Studio album by Dr Calculus
- Released: 4 August 1986
- Recorded: 1984–1986
- Genres: Experimental; dance; rock; funk; house; electro;
- Length: 41:05
- Label: 10
- Producers: Stephen Duffy; Roger Freeman; Paul Staveley O'Duffy;

Singles from Designer Beatnik
- "Programme 7" Released: January 1985; "Perfume from Spain" Released: 21 June 1986;

= Designer Beatnik =

Designer Beatnik is the only album by English electronic act Dr Calculus, a duo of Stephen Duffy and former Pigbag trombonist Roger Freeman. Released in August 1986 through 10 Records, it was produced by Duffy and Freeman with Paul Staveley O'Duffy. Dr Calculus were inspired by the emergent ecstasy culture in London and, in January 1985, released the single "Programme 7", leading to the record's production.

Inspired by 'cut-and-paste' music and fashion, Designer Beatnik is considered a work of funk, rock and experimental music that mixes dance rhythms, rap, found noises, brass and horns, prominent beats, and spoken dialogue and voiceovers. Largely instrumental, the record largely avoids vocal melodies, with nonsensical lyrics being recited by friends of Duffy and Freeman. Aiming to achieve a French New Wave-inspired sound, the duo used the cut-up technique to collage texts from numerous writers. Several of Freeman's former Pigbag bandmates contribute to the recording.

In June 1986, the album was preceded by the single "Perfume from Spain", which mixes numerous genres with Sleng Teng rhythms. Neither the single nor Designer Beatnik itself charted in the United Kingdom, with the album receiving a polarised critical reception. Following its release, Duffy returned to more conventional music.

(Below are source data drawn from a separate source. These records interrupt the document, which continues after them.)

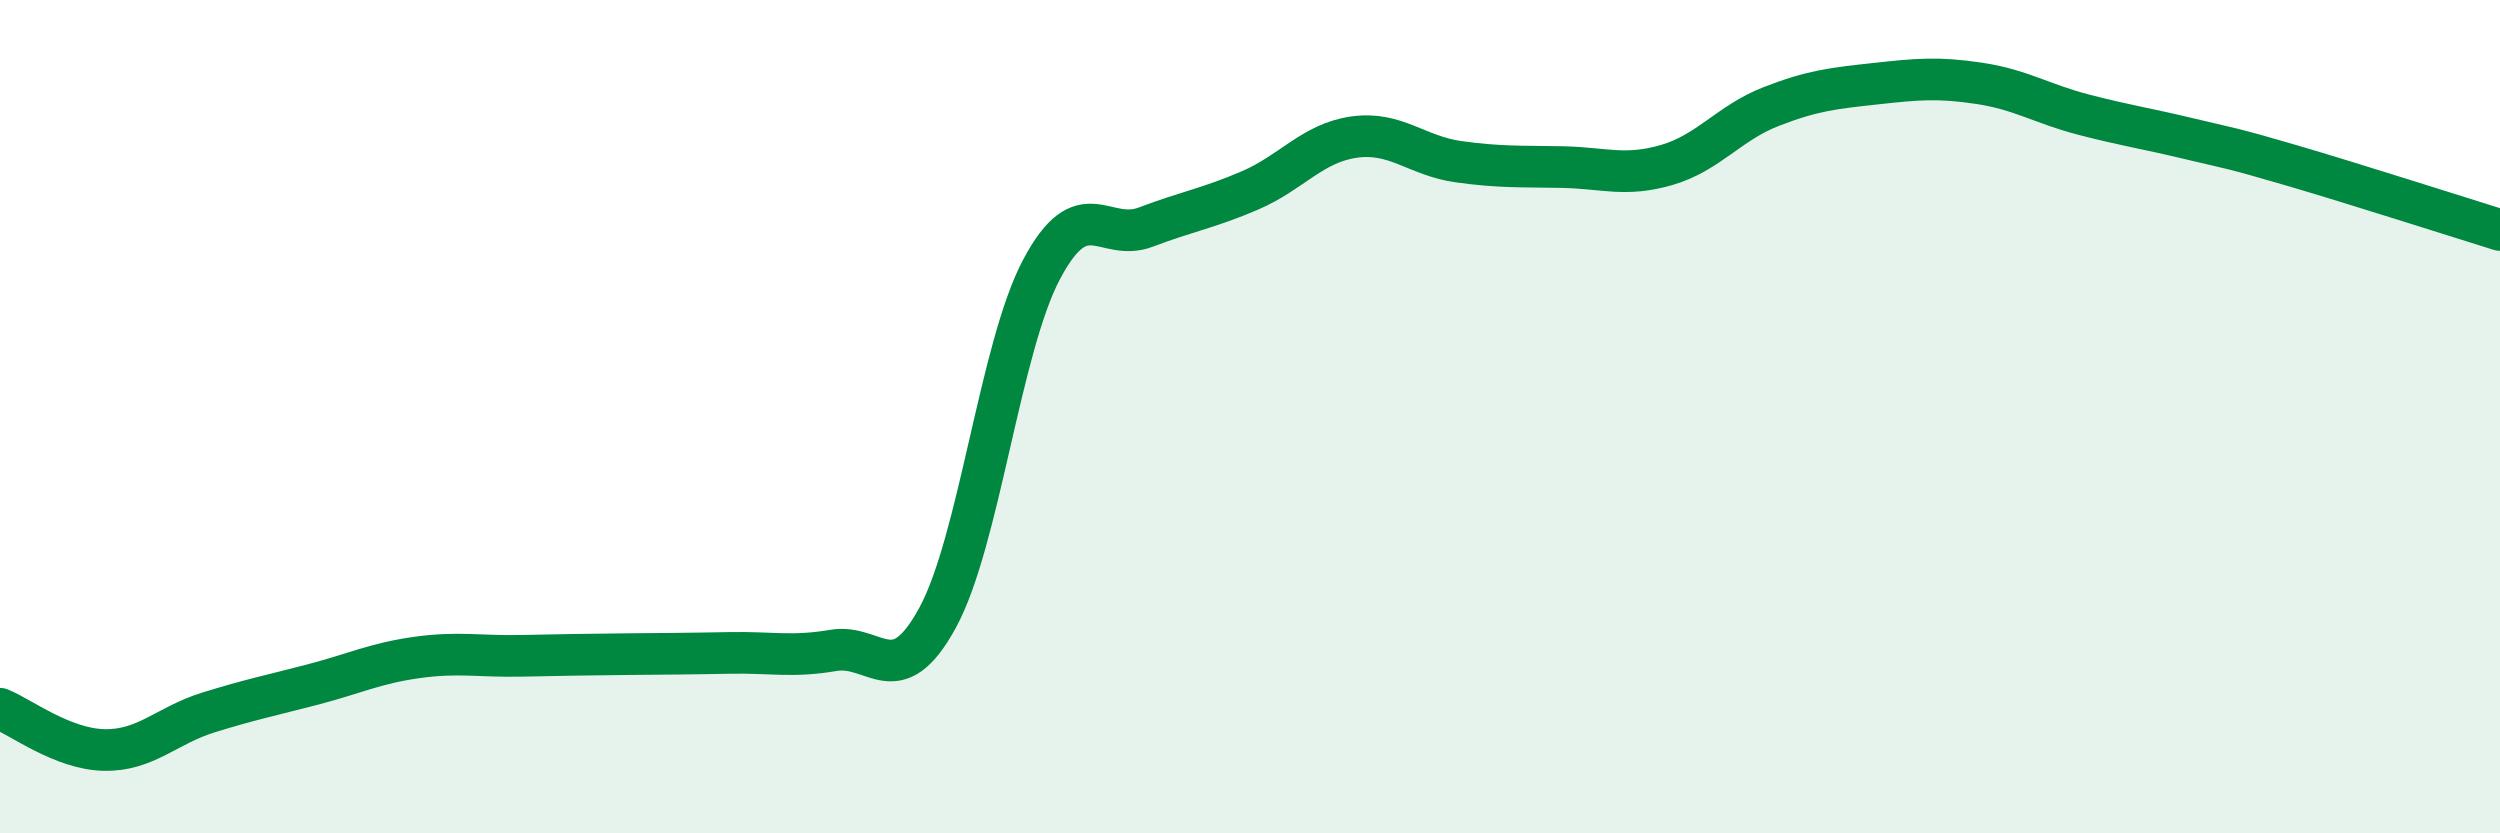 
    <svg width="60" height="20" viewBox="0 0 60 20" xmlns="http://www.w3.org/2000/svg">
      <path
        d="M 0,17.01 C 0.5,17.21 1.5,17.98 2.5,18 C 3.5,18.02 4,17.41 5,17.1 C 6,16.79 6.5,16.69 7.5,16.43 C 8.5,16.17 9,15.92 10,15.78 C 11,15.64 11.5,15.76 12.5,15.74 C 13.5,15.72 14,15.71 15,15.7 C 16,15.69 16.5,15.69 17.5,15.67 C 18.5,15.65 19,15.78 20,15.61 C 21,15.44 21.5,16.66 22.5,14.83 C 23.5,13 24,8.34 25,6.46 C 26,4.58 26.5,5.83 27.5,5.45 C 28.5,5.07 29,5 30,4.57 C 31,4.14 31.5,3.43 32.5,3.29 C 33.5,3.15 34,3.74 35,3.88 C 36,4.02 36.5,3.99 37.5,4.01 C 38.5,4.03 39,4.25 40,3.96 C 41,3.67 41.5,2.95 42.5,2.56 C 43.5,2.17 44,2.12 45,2.01 C 46,1.9 46.5,1.85 47.5,2 C 48.5,2.15 49,2.49 50,2.75 C 51,3.01 51.5,3.08 52.5,3.32 C 53.5,3.56 53.5,3.53 55,3.97 C 56.5,4.41 59,5.21 60,5.52L60 20L0 20Z"
        fill="#008740"
        opacity="0.1"
        stroke-linecap="round"
        stroke-linejoin="round"
      />
      <path
        d="M 0,17.01 C 0.5,17.21 1.5,17.98 2.5,18 C 3.5,18.02 4,17.41 5,17.1 C 6,16.79 6.5,16.69 7.5,16.43 C 8.5,16.17 9,15.92 10,15.78 C 11,15.64 11.5,15.76 12.5,15.74 C 13.5,15.72 14,15.71 15,15.7 C 16,15.69 16.5,15.69 17.5,15.67 C 18.5,15.65 19,15.78 20,15.61 C 21,15.44 21.5,16.66 22.5,14.83 C 23.5,13 24,8.34 25,6.46 C 26,4.58 26.5,5.83 27.5,5.45 C 28.5,5.07 29,5 30,4.57 C 31,4.14 31.5,3.43 32.5,3.29 C 33.5,3.15 34,3.74 35,3.88 C 36,4.02 36.5,3.99 37.5,4.01 C 38.5,4.03 39,4.25 40,3.96 C 41,3.67 41.5,2.95 42.5,2.56 C 43.5,2.17 44,2.12 45,2.01 C 46,1.9 46.5,1.85 47.5,2 C 48.5,2.15 49,2.49 50,2.75 C 51,3.01 51.5,3.08 52.5,3.32 C 53.5,3.56 53.5,3.53 55,3.97 C 56.5,4.41 59,5.21 60,5.52"
        stroke="#008740"
        stroke-width="1"
        fill="none"
        stroke-linecap="round"
        stroke-linejoin="round"
      />
    </svg>

Designer Beatnik has since been discussed as a precursor of acid house and ambient house.

==Background==
Stephen Duffy and trombonist Roger Freeman originally knew each other when they both lived in Birmingham, but by 1984 they had reacquainted in London. By this point, Duffy had recently launched a solo career for 10 Records, a subsidiary of Virgin Records, whereas Freeman had left the group Pigbag, having tired of playing their hit single "Papa's Got a Brand New Pigbag" (1981). In a later interview with Anthony Reynolds, Duffy said that Freeman had been frequenting a nightclub that played "this crazy electronic music" where all the clubbers were taking drugs, believing this to be the start of ecstasy culture in London. "I went along to some of these clubs with him, then one morning after we sat down and said, 'Okay, let'’s do something about this.'" Freeman had been working on a riff that he wanted Duffy to produce, which became "Programme 7" and the beginning of Dr Calculus.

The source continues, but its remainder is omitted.